Not to mention the massive changes we’ve seen that already seem commonplace. My father still speaks with whimsy about a time when watches with computer screens were an alien fantasy. I can’t wait until he discovers Siri!
Indeed the only jobs Frey and Osborne consider safe are those which require creative and social intelligence. These jobs involve consulting other people, negotiating agreements and otherwise interacting and engaging in human relationships.
But here’s the rub: the jobs requiring human intuition and interaction will also become extremely expensive.
In the 1960s, William J. Baumol and William G. Bowen discovered that as manufacturing and other service industries became more efficient, and goods became more affordable, the relative cost of some services became more expensive. They called this Cost Disease.
Their study focused on the performing arts using the example of a Symphony. This performance still takes the same labour time as in the 1800s. But the seats, instruments, venues, the transport to get people there have all fallen in cost dramatically over those 200 years. Each performer is also being paid at competitive modern rates – which is significantly more than a performer from the 1800s, even though there has been no reflective increase in productivity. When held in comparison, this makes the cost of a single performance significantly more expensive and less ‘efficient’ when compared to manufactured goods.
This theory also holds true in other vital areas of our society, like healthcare and education. You can’t generate ‘efficiencies’ when it comes to teaching algebra. It takes the time it takes. In the US, we’ve seen the cost of a university education rise at three times the speed of inflation. By exposing industries with a fixed time commitment to the market, the US has not managed to create efficiencies or productivity improvements – only increasing the cost and reducing the accessibility of these services.
This should stand as an ominous sign for Australia, where the Abbott Government is keen to expose our University and Healthcare systems to the market while using arguments about productivity as the justification.
The current situation is unsustainable if societal advancements benefit only an elite few, leaving the majority with limited job opportunities, stagnant wages, and inaccessible education and healthcare services.
To guarantee that everyone enjoys the benefits of technological progress, we must actively mold our future society now. This means strengthening our democratic institutions and safeguarding a sustainable system grounded in fairness.
To achieve this, we must utilise the resources at our disposal. If withdrawing our labour holds less power than before, we need to develop new approaches to ensure democratic accountability in the future.
State and federal governments remain our primary avenue for realising these goals. Our foremost priority is to safeguard these institutions from corruption and capital influence, a considerable challenge.
Moreover, we should demand that those who accumulate wealth and distort our economy contribute to the sectors most affected by ‘cost disease’, such as education, healthcare, law enforcement, and firefighting.

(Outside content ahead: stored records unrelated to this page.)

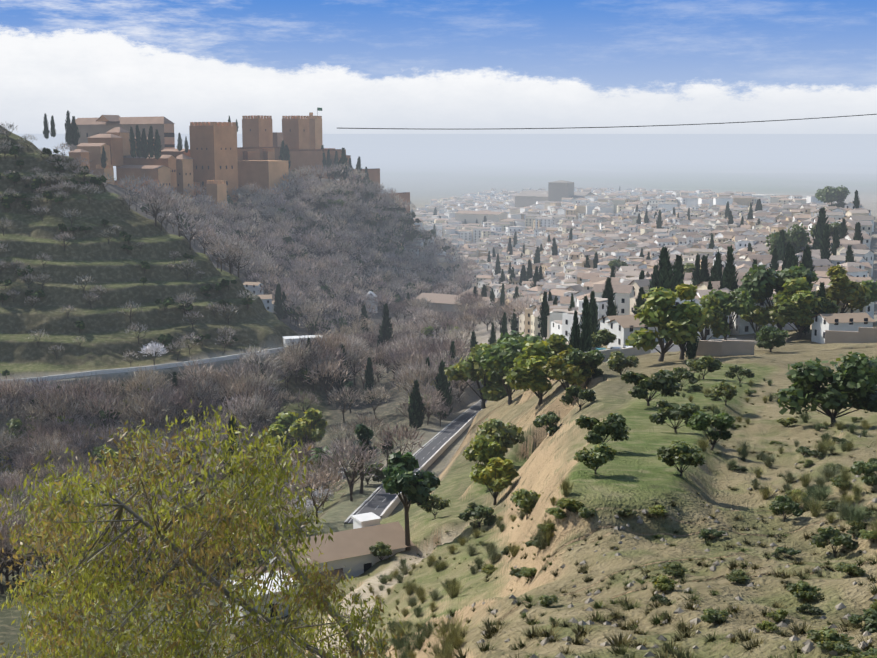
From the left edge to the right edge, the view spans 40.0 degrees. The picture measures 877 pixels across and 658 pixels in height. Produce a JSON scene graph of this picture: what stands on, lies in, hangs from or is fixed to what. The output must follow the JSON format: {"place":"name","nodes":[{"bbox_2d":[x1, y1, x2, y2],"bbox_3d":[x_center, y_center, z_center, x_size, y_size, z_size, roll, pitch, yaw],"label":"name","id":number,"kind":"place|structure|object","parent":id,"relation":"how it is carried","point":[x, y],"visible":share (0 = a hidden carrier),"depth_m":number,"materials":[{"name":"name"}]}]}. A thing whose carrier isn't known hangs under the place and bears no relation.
{"place":"outdoors","nodes":[
{"label":"outdoors","id":0,"kind":"place"},
{"bbox_2d":[0,345,301,383],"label":"spur road","id":1,"kind":"structure","parent":0,"point":[130,369],"depth_m":360.80,"materials":[{"name":"grey asphalt"}]},
{"bbox_2d":[282,467,346,489],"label":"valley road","id":2,"kind":"structure","parent":0,"point":[301,479],"depth_m":246.31,"materials":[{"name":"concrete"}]},
{"bbox_2d":[344,400,487,522],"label":"valley road","id":3,"kind":"structure","parent":0,"point":[379,501],"depth_m":259.52,"materials":[{"name":"grey asphalt"}]},
{"bbox_2d":[0,125,876,657],"bbox_3d":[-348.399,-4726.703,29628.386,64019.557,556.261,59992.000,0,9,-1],"label":"ground","id":4,"kind":"structure","parent":0,"point":[636,473],"depth_m":204.73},
{"bbox_2d":[0,122,240,366],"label":"bare trees","id":5,"kind":"object","parent":4,"relation":"on","point":[52,176],"visible":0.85,"depth_m":399.46,"materials":[{"name":"plant"}]},
{"bbox_2d":[0,142,251,346],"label":"shrubs","id":6,"kind":"object","parent":4,"relation":"on","point":[39,293],"visible":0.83,"depth_m":411.06,"materials":[{"name":"green plant"}]},
{"bbox_2d":[0,146,252,378],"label":"shrubs","id":7,"kind":"object","parent":4,"relation":"on","point":[7,199],"visible":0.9,"depth_m":420.05,"materials":[{"name":"green plant"}]},
{"bbox_2d":[0,134,258,359],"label":"bare trees","id":8,"kind":"object","parent":4,"relation":"on","point":[65,183],"visible":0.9,"depth_m":419.79,"materials":[{"name":"plant"}]},
{"bbox_2d":[0,399,405,657],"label":"tree","id":9,"kind":"object","parent":4,"relation":"on","point":[217,525],"visible":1,"depth_m":20.77,"materials":[{"name":"green plant"}]},
{"bbox_2d":[0,351,425,586],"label":"valley evergreens","id":10,"kind":"object","parent":4,"relation":"on","point":[11,459],"visible":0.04,"depth_m":320.95,"materials":[{"name":"green plant"}]},
{"bbox_2d":[140,341,333,521],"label":"blossoming trees","id":11,"kind":"object","parent":4,"relation":"on","point":[149,348],"visible":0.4,"depth_m":207.94,"materials":[{"name":"white plant"}]},
{"bbox_2d":[69,108,409,214],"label":"castle","id":12,"kind":"structure","parent":4,"relation":"on","point":[215,161],"depth_m":802.59,"materials":[{"name":"stone"}]},
{"bbox_2d":[0,284,488,583],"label":"valley evergreens","id":13,"kind":"object","parent":4,"relation":"on","point":[303,372],"visible":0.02,"depth_m":336.88,"materials":[{"name":"green plant"}]},
{"bbox_2d":[0,283,539,593],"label":"bare trees","id":14,"kind":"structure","parent":4,"relation":"on","point":[415,358],"depth_m":341.48,"materials":[{"name":"brown plant"}]},
{"bbox_2d":[183,381,393,492],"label":"bare trees","id":15,"kind":"object","parent":4,"relation":"on","point":[363,432],"visible":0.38,"depth_m":208.37,"materials":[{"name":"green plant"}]},
{"bbox_2d":[117,162,480,334],"bbox_3d":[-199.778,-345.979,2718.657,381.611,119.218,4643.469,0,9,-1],"label":"bare woods","id":16,"kind":"object","parent":4,"relation":"on","point":[315,305],"depth_m":733.23,"materials":[{"name":"grey plant"}]},
{"bbox_2d":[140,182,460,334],"bbox_3d":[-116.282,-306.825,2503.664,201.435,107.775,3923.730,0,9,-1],"label":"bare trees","id":17,"kind":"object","parent":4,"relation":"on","point":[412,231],"depth_m":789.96,"materials":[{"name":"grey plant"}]},
{"bbox_2d":[308,446,343,500],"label":"palm tree","id":18,"kind":"object","parent":4,"relation":"on","point":[319,450],"visible":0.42,"depth_m":213.46,"materials":[{"name":"green plant"}]},
{"bbox_2d":[382,451,439,550],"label":"pine tree","id":19,"kind":"object","parent":4,"relation":"on","point":[399,473],"visible":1,"depth_m":123.76,"materials":[{"name":"green plant"}]},
{"bbox_2d":[2,263,840,523],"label":"broadleaf trees","id":20,"kind":"object","parent":4,"relation":"on","point":[796,301],"visible":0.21,"depth_m":219.55,"materials":[{"name":"green plant"}]},
{"bbox_2d":[0,265,869,571],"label":"broadleaf trees","id":21,"kind":"object","parent":4,"relation":"on","point":[848,293],"visible":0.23,"depth_m":265.28,"materials":[{"name":"green plant"}]},
{"bbox_2d":[0,185,876,570],"bbox_3d":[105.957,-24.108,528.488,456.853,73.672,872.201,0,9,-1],"label":"broadleaf trees","id":22,"kind":"object","parent":4,"relation":"on","point":[760,281],"visible":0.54,"depth_m":257.58,"materials":[{"name":"green plant"}]},
{"bbox_2d":[43,113,847,411],"bbox_3d":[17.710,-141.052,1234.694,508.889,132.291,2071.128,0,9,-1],"label":"cypress trees","id":23,"kind":"object","parent":4,"relation":"on","point":[821,241],"visible":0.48,"depth_m":447.58,"materials":[{"name":"green plant"}]},
{"bbox_2d":[70,116,828,428],"bbox_3d":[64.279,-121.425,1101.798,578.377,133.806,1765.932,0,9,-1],"label":"cypress trees","id":24,"kind":"object","parent":4,"relation":"on","point":[416,407],"visible":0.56,"depth_m":380.29,"materials":[{"name":"green plant"}]},
{"bbox_2d":[54,110,863,482],"bbox_3d":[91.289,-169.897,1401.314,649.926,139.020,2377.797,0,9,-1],"label":"cypress trees","id":25,"kind":"object","parent":4,"relation":"on","point":[670,276],"visible":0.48,"depth_m":441.85,"materials":[{"name":"green plant"}]},
{"bbox_2d":[225,282,876,625],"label":"houses","id":26,"kind":"structure","parent":4,"relation":"on","point":[345,551],"depth_m":133.22,"materials":[{"name":"white paint"}]},
{"bbox_2d":[369,328,737,561],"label":"olive trees","id":27,"kind":"object","parent":4,"relation":"on","point":[503,435],"visible":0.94,"depth_m":131.98,"materials":[{"name":"green plant"}]},
{"bbox_2d":[331,383,876,657],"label":"grass tufts","id":28,"kind":"object","parent":4,"relation":"on","point":[489,630],"visible":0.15,"depth_m":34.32,"materials":[{"name":"green plant"}]},
{"bbox_2d":[340,114,876,128],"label":"power cable","id":29,"kind":"object","parent":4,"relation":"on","point":[626,126],"visible":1,"depth_m":59.61,"materials":[{"name":"grey metal"}]},
{"bbox_2d":[346,372,876,657],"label":"broom shrubs","id":30,"kind":"object","parent":4,"relation":"on","point":[819,494],"visible":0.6,"depth_m":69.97,"materials":[{"name":"green plant"}]},
{"bbox_2d":[346,365,876,556],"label":"olive trees","id":31,"kind":"object","parent":4,"relation":"on","point":[664,382],"visible":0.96,"depth_m":99.68,"materials":[{"name":"green plant"}]},
{"bbox_2d":[404,180,874,340],"bbox_3d":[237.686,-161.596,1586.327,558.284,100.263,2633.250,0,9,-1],"label":"city buildings","id":32,"kind":"structure","parent":4,"relation":"on","point":[534,219],"depth_m":888.31,"materials":[{"name":"white paint"}]},
{"bbox_2d":[446,429,876,657],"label":"shrubs","id":33,"kind":"object","parent":4,"relation":"on","point":[808,647],"visible":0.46,"depth_m":35.24,"materials":[{"name":"green plant"}]},
{"bbox_2d":[469,388,876,656],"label":"shrubs","id":34,"kind":"object","parent":4,"relation":"on","point":[869,617],"visible":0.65,"depth_m":53.34,"materials":[{"name":"green plant"}]},
{"bbox_2d":[481,384,876,657],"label":"shrubs","id":35,"kind":"object","parent":4,"relation":"on","point":[829,639],"visible":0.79,"depth_m":40.18,"materials":[{"name":"green plant"}]},
{"bbox_2d":[755,224,876,423],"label":"broadleaf trees","id":36,"kind":"object","parent":4,"relation":"on","point":[854,378],"visible":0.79,"depth_m":115.46,"materials":[{"name":"green plant"}]},
{"bbox_2d":[0,0,876,133],"label":"sky","id":37,"kind":"structure","parent":0,"point":[418,66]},
{"bbox_2d":[651,338,756,352],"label":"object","id":38,"kind":"structure","parent":0,"point":[674,348],"depth_m":250.99,"materials":[{"name":"concrete"}]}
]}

As influential employees in our workplaces, we should be trying to kill these ‘bullshit jobs’. If machines are able to carry a bigger slice of the load, then you and I should enjoy the benefits of this as much as our employers. This means freeing people up to focus on things which will enrich our civil society rather than running ourselves into the ground, chasing an impossible productivity target.
We must also reassess the skills taught in schools and universities, as well as their funding methods, to ensure all students acquire the relational and interpretative skills vital for the future.
We shouldn’t be scared about what comes next – but we do need to play an active role in shaping it.